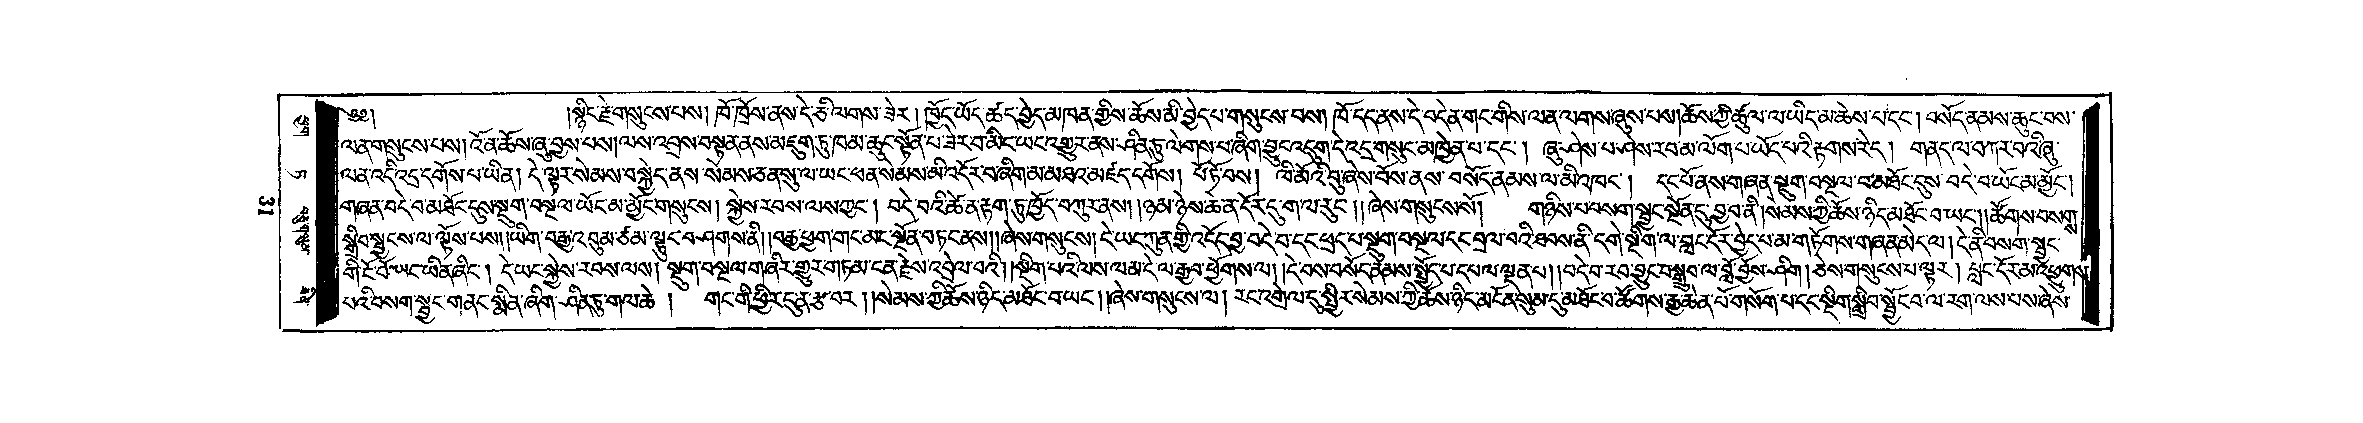༄༅། །སྙིང་རྗེ་གསུངས་པས། ཁོ་ཁྲོས་ནས་དེ་ཅི་ལགས་ཟེར། ཁྱོད་ཡོད་ཚད་བྱེད་མཁན་གྱིས་ཆོས་མི་བྱེད་པ་གསུངས་བས། ཁོ་དད་ནས་དེ་བདེན་གང་གིས་ལན་ལགས་ཞུས་པས། ཆོས་ཀྱི་ཚུལ་ལ་ཡིད་མ་ཆེས་པ་དང་། བསོད་ནམས་ཆུང་བས་
ལན་གསུངས་པས། འོ་ན་ཆོས་ཞུ་བྱས་པས། ལས་འབྲས་བསྟན་ནས་མཇུག་ཏུ་ཁམ་ཆུང་སྟོན་པ་ཟེར་བ་མིང་ཡང་འགྱུར་ནས་ཤིན་ཏུ་ལེགས་པ་ཞིག་བྱུང་འདུག་དེ་འདྲ་གསུང་མཁྱེན་པ་དང་། ཞུ་ཤེས་པ་ཤེས་རབ་མ་ལོག་པ་ཡོད་པའི་རྟགས་རེད། གནད་ལ་བཀར་བའི་ཞུ་
ལན་འདི་འདྲ་དགོས་པ་ཡིན། དེ་ལྟར་སེམས་བསྐྱེད་ནས་སེམས་ཅན་སུ་ལ་ཡང་ཕན་སེམས་མི་འདོར་བ་ཞིག་མ་མཐའ་མཛད་དགོས། པོ་ཏོ་བས། ལི་མོའི་བུ་ཞེས་བོས་ནས་བསོད་ནམས་ལ་མི་འཁང་། དང་པོ་ནས་གཞན་སྡུག་བསྔལ་བ་མཐོང་དུས་བདེ་བ་ཡོང་མ་མྱོང་།
གཞན་བདེ་བ་མཐོང་དུས་སྡུག་བསྔལ་ཡོང་མ་མྱོང་གསུངས། སྐྱེས་རབས་ལས་ཀྱང་། བདེ་བའི་ཚེ་ན་རྟག་ཏུ་ཁྱོད་བཀུར་ནས། །ཉམ་ཉེས་ཆེ་ན་དོར་དུ་ག་ལ་རུང་། །ཞེས་གསུངས་སོ། གཉིས་པ་བསག་སྦྱང་སྔོན་དུ་བྱ་བ་ནི། སེམས་ཀྱི་ཆོས་ཉིད་མཐོང་བ་ཡང་། །ཚོགས་བསགས་
སྒྲིབ་སྦྱངས་ལ་ལྟོས་པས། །ཡིག་བརྒྱ་འབུམ་ཙམ་ལྟུང་བཤགས་ནི། །བརྒྱ་ཕྱག་གང་མང་སྔོན་བཏང་ནས། །ཞེས་གསུངས། དེ་ཡང་ཀུན་གྱི་འདོད་བྱ་བདེ་བ་དང་ཕྲད་པ་སྡུག་བསྔལ་དང་བྲལ་བའི་ཐབས་ནི་དགེ་སྡིག་ལ་བླང་དོར་བྱེད་པ་མ་གཏོགས་གཞན་མེད་ལ། དེ་ནི་བསག་སྦྱང་
གི་ངོ་བོ་ཡང་ཡིན་ཞིང་། དེ་ཡང་སྐྱེས་རབས་ལས། སྡུག་བསྔལ་གཞིར་གྱུར་གཏམ་ངན་རྗེས་འབྲེལ་བའི། །སྡིག་པའི་ལས་ལམ་དེ་ལ་རྒྱབ་ཕྱོགས་ལ། །དེ་བས་བསོད་ནམས་སྤྱོད་པ་དཔལ་ལྡན་པ། །བདེ་བ་རབ་བྱུང་བསྒྲུབ་ལ་བློ་བྱོས་ཤིག །ཅེས་གསུངས་པ་ལྟར། བླང་དོར་མ་འཕྱུགས་
པའི་བསག་སྦྱང་གནང་སྨིན་ཞིག་ཤིན་ཏུ་གལ་ཆེ། གང་གི་ཕྱིར་དུ་ན་རྩ་བར། །སེམས་ཀྱི་ཆོས་ཉིད་མཐོང་བ་ཡང་། །ཞེས་གསུངས་ལ། རང་འགྲེལ་དུ་སྤྱིར་སེམས་ཀྱི་ཆོས་ཉིད་མངོན་སུམ་དུ་མཐོང་བ་ཚོགས་རྒྱ་ཆེན་པོ་གསོག་པ་དང་སྡིག་སྒྲིབ་སྦྱོང་བ་ལ་རག་ལས་པས་ཞེས་
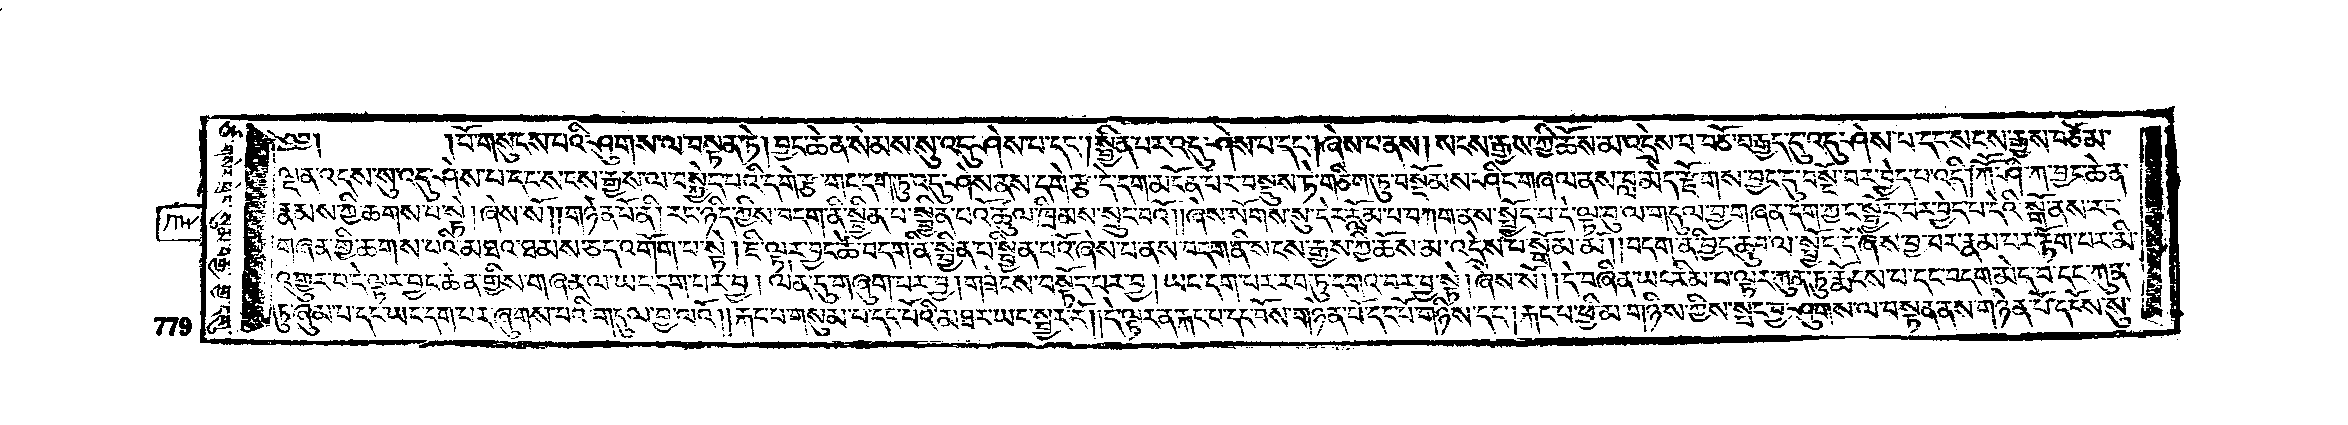༄༅། །པོ་གསུངས་པའི་ཤུགས་ལ་བསྟན་ཏེ། བྱང་ཆེན་སེམས་སུ་འདུ་ཤེས་པ་དང་། སྦྱིན་པར་འདུ་ཤེས་པ་དང་། ཞེས་པ་ནས། སངས་རྒྱས་ཀྱི་ཆོས་མ་འདྲེས་པ་བཅོ་བརྒྱད་དུ་འདུ་ཤེས་པ་དང་སངས་རྒྱས་བཅོམ་
ལྡན་འདས་སུ་འདུ་ཤེས་པ་དང་སངས་རྒྱས་ལ་བསྐྱེད་པའི་དགེ་རྩ་གང་དག་ཏུ་འདུ་ཤེས་ནས་དགེ་རྩ་དེ་དག་མངོན་པར་བསྡུས་ཏེ་གཅིག་ཏུ་བསྡོམས་ཤིང་གཞལ་ནས་བླ་མེད་རྫོགས་བྱང་དུ་བསྔོ་བར་བྱེད་པ་འདི། ཀཽ་ཤི་ཀ་བྱང་ཆེན་
རྣམས་ཀྱི་ཆགས་པ་སྟེ། ཞེས་སོ། །གཉེན་པོ་ནི། རང་ཉིད་ཀྱིས་བདག་ནི་སྦྱིན་པ་སྦྱིན་པའོ་ཚུལ་ཁྲིམས་སྲུང་བའོ། །ཞེས་སོགས་སུ་དེར་རློམ་པ་བཀག་ནས་སྤྱོད་པ་དེ་ལྟ་བུ་ལ་གདུལ་བྱ་གཞན་དག་ཀྱང་སྦྱོར་བར་བྱེད་པ་དེའི་སྒོ་ནས་རང་
གཞན་གྱི་ཆགས་པའི་མཐའ་ཐམས་ཅད་འགོག་པ་སྟེ། ཇི་ལྟར་བྱང་ཚེ་བདག་ནི་སྦྱིན་པ་སྦྱིན་པའོ་ཞེས་པ་ནས་བདག་ནི་སངས་རྒྱས་ཀྱི་ཆོས་མ་འདྲེས་པ་སྒོམ་མོ། །བདག་ནི་བྱང་ཆུབ་ལ་སྤྱོད་དོ་ཞེས་བྱ་བར་རྣམ་པར་རྟོག་པར་མི་
འགྱུར་བ་དེ་ལྟར་བྱང་ཆེན་གྱིས་གཞན་ལ་ཡང་དག་པར་བྱ། ལེན་དུ་གཞུག་པར་བྱ། གཟེངས་བསྟོད་པར་བྱ། ཡང་དག་པར་རབ་ཏུ་དགའ་བར་བྱ་སྟེ། ཞེས་སོ། །དེ་བཞིན་ཡང་རིམ་པ་ལྟར་ཀུན་ཏུ་རྨོངས་པ་དང་བདག་མེད་པ་དང་ཀུན་
ཏུ་ཞུམ་པ་དང་ཡང་དག་པར་ཞུགས་པའི་གདུལ་བྱ་ལའོ། །རྐང་པ་གསུམ་པ་དང་པོའི་མཐར་ཡང་སྦྱར་རོ། །དེ་ལྟར་ན་རྐང་པ་དང་པོས་གཉེན་པོ་དང་པོ་གཉིས་དང་། རྐང་པ་ཕྱི་མ་གཉིས་ཀྱིས་སྤང་བྱ་ཤུགས་ལ་བསྟན་ནས་གཉེན་པོ་དངོས་སུ་

### Exercise prompt
Transcribe the whole listing above exactly and leave out the pictures.

### Exercise response
༄༅། །སྙིང་རྗེ་གསུངས་པས། ཁོ་ཁྲོས་ནས་དེ་ཅི་ལགས་ཟེར། ཁྱོད་ཡོད་ཚད་བྱེད་མཁན་གྱིས་ཆོས་མི་བྱེད་པ་གསུངས་བས། ཁོ་དད་ནས་དེ་བདེན་གང་གིས་ལན་ལགས་ཞུས་པས། ཆོས་ཀྱི་ཚུལ་ལ་ཡིད་མ་ཆེས་པ་དང་། བསོད་ནམས་ཆུང་བས་
ལན་གསུངས་པས། འོ་ན་ཆོས་ཞུ་བྱས་པས། ལས་འབྲས་བསྟན་ནས་མཇུག་ཏུ་ཁམ་ཆུང་སྟོན་པ་ཟེར་བ་མིང་ཡང་འགྱུར་ནས་ཤིན་ཏུ་ལེགས་པ་ཞིག་བྱུང་འདུག་དེ་འདྲ་གསུང་མཁྱེན་པ་དང་། ཞུ་ཤེས་པ་ཤེས་རབ་མ་ལོག་པ་ཡོད་པའི་རྟགས་རེད། གནད་ལ་བཀར་བའི་ཞུ་
ལན་འདི་འདྲ་དགོས་པ་ཡིན། དེ་ལྟར་སེམས་བསྐྱེད་ནས་སེམས་ཅན་སུ་ལ་ཡང་ཕན་སེམས་མི་འདོར་བ་ཞིག་མ་མཐའ་མཛད་དགོས། པོ་ཏོ་བས། ལི་མོའི་བུ་ཞེས་བོས་ནས་བསོད་ནམས་ལ་མི་འཁང་། དང་པོ་ནས་གཞན་སྡུག་བསྔལ་བ་མཐོང་དུས་བདེ་བ་ཡོང་མ་མྱོང་།
གཞན་བདེ་བ་མཐོང་དུས་སྡུག་བསྔལ་ཡོང་མ་མྱོང་གསུངས། སྐྱེས་རབས་ལས་ཀྱང་། བདེ་བའི་ཚེ་ན་རྟག་ཏུ་ཁྱོད་བཀུར་ནས། །ཉམ་ཉེས་ཆེ་ན་དོར་དུ་ག་ལ་རུང་། །ཞེས་གསུངས་སོ། གཉིས་པ་བསག་སྦྱང་སྔོན་དུ་བྱ་བ་ནི། སེམས་ཀྱི་ཆོས་ཉིད་མཐོང་བ་ཡང་། །ཚོགས་བསགས་
སྒྲིབ་སྦྱངས་ལ་ལྟོས་པས། །ཡིག་བརྒྱ་འབུམ་ཙམ་ལྟུང་བཤགས་ནི། །བརྒྱ་ཕྱག་གང་མང་སྔོན་བཏང་ནས། །ཞེས་གསུངས། དེ་ཡང་ཀུན་གྱི་འདོད་བྱ་བདེ་བ་དང་ཕྲད་པ་སྡུག་བསྔལ་དང་བྲལ་བའི་ཐབས་ནི་དགེ་སྡིག་ལ་བླང་དོར་བྱེད་པ་མ་གཏོགས་གཞན་མེད་ལ། དེ་ནི་བསག་སྦྱང་
གི་ངོ་བོ་ཡང་ཡིན་ཞིང་། དེ་ཡང་སྐྱེས་རབས་ལས། སྡུག་བསྔལ་གཞིར་གྱུར་གཏམ་ངན་རྗེས་འབྲེལ་བའི། །སྡིག་པའི་ལས་ལམ་དེ་ལ་རྒྱབ་ཕྱོགས་ལ། །དེ་བས་བསོད་ནམས་སྤྱོད་པ་དཔལ་ལྡན་པ། །བདེ་བ་རབ་བྱུང་བསྒྲུབ་ལ་བློ་བྱོས་ཤིག །ཅེས་གསུངས་པ་ལྟར། བླང་དོར་མ་འཕྱུགས་
པའི་བསག་སྦྱང་གནང་སྨིན་ཞིག་ཤིན་ཏུ་གལ་ཆེ། གང་གི་ཕྱིར་དུ་ན་རྩ་བར། །སེམས་ཀྱི་ཆོས་ཉིད་མཐོང་བ་ཡང་། །ཞེས་གསུངས་ལ། རང་འགྲེལ་དུ་སྤྱིར་སེམས་ཀྱི་ཆོས་ཉིད་མངོན་སུམ་དུ་མཐོང་བ་ཚོགས་རྒྱ་ཆེན་པོ་གསོག་པ་དང་སྡིག་སྒྲིབ་སྦྱོང་བ་ལ་རག་ལས་པས་ཞེས་
༄༅། །པོ་གསུངས་པའི་ཤུགས་ལ་བསྟན་ཏེ། བྱང་ཆེན་སེམས་སུ་འདུ་ཤེས་པ་དང་། སྦྱིན་པར་འདུ་ཤེས་པ་དང་། ཞེས་པ་ནས། སངས་རྒྱས་ཀྱི་ཆོས་མ་འདྲེས་པ་བཅོ་བརྒྱད་དུ་འདུ་ཤེས་པ་དང་སངས་རྒྱས་བཅོམ་
ལྡན་འདས་སུ་འདུ་ཤེས་པ་དང་སངས་རྒྱས་ལ་བསྐྱེད་པའི་དགེ་རྩ་གང་དག་ཏུ་འདུ་ཤེས་ནས་དགེ་རྩ་དེ་དག་མངོན་པར་བསྡུས་ཏེ་གཅིག་ཏུ་བསྡོམས་ཤིང་གཞལ་ནས་བླ་མེད་རྫོགས་བྱང་དུ་བསྔོ་བར་བྱེད་པ་འདི། ཀཽ་ཤི་ཀ་བྱང་ཆེན་
རྣམས་ཀྱི་ཆགས་པ་སྟེ། ཞེས་སོ། །གཉེན་པོ་ནི། རང་ཉིད་ཀྱིས་བདག་ནི་སྦྱིན་པ་སྦྱིན་པའོ་ཚུལ་ཁྲིམས་སྲུང་བའོ། །ཞེས་སོགས་སུ་དེར་རློམ་པ་བཀག་ནས་སྤྱོད་པ་དེ་ལྟ་བུ་ལ་གདུལ་བྱ་གཞན་དག་ཀྱང་སྦྱོར་བར་བྱེད་པ་དེའི་སྒོ་ནས་རང་
གཞན་གྱི་ཆགས་པའི་མཐའ་ཐམས་ཅད་འགོག་པ་སྟེ། ཇི་ལྟར་བྱང་ཚེ་བདག་ནི་སྦྱིན་པ་སྦྱིན་པའོ་ཞེས་པ་ནས་བདག་ནི་སངས་རྒྱས་ཀྱི་ཆོས་མ་འདྲེས་པ་སྒོམ་མོ། །བདག་ནི་བྱང་ཆུབ་ལ་སྤྱོད་དོ་ཞེས་བྱ་བར་རྣམ་པར་རྟོག་པར་མི་
འགྱུར་བ་དེ་ལྟར་བྱང་ཆེན་གྱིས་གཞན་ལ་ཡང་དག་པར་བྱ། ལེན་དུ་གཞུག་པར་བྱ། གཟེངས་བསྟོད་པར་བྱ། ཡང་དག་པར་རབ་ཏུ་དགའ་བར་བྱ་སྟེ། ཞེས་སོ། །དེ་བཞིན་ཡང་རིམ་པ་ལྟར་ཀུན་ཏུ་རྨོངས་པ་དང་བདག་མེད་པ་དང་ཀུན་
ཏུ་ཞུམ་པ་དང་ཡང་དག་པར་ཞུགས་པའི་གདུལ་བྱ་ལའོ། །རྐང་པ་གསུམ་པ་དང་པོའི་མཐར་ཡང་སྦྱར་རོ། །དེ་ལྟར་ན་རྐང་པ་དང་པོས་གཉེན་པོ་དང་པོ་གཉིས་དང་། རྐང་པ་ཕྱི་མ་གཉིས་ཀྱིས་སྤང་བྱ་ཤུགས་ལ་བསྟན་ནས་གཉེན་པོ་དངོས་སུ་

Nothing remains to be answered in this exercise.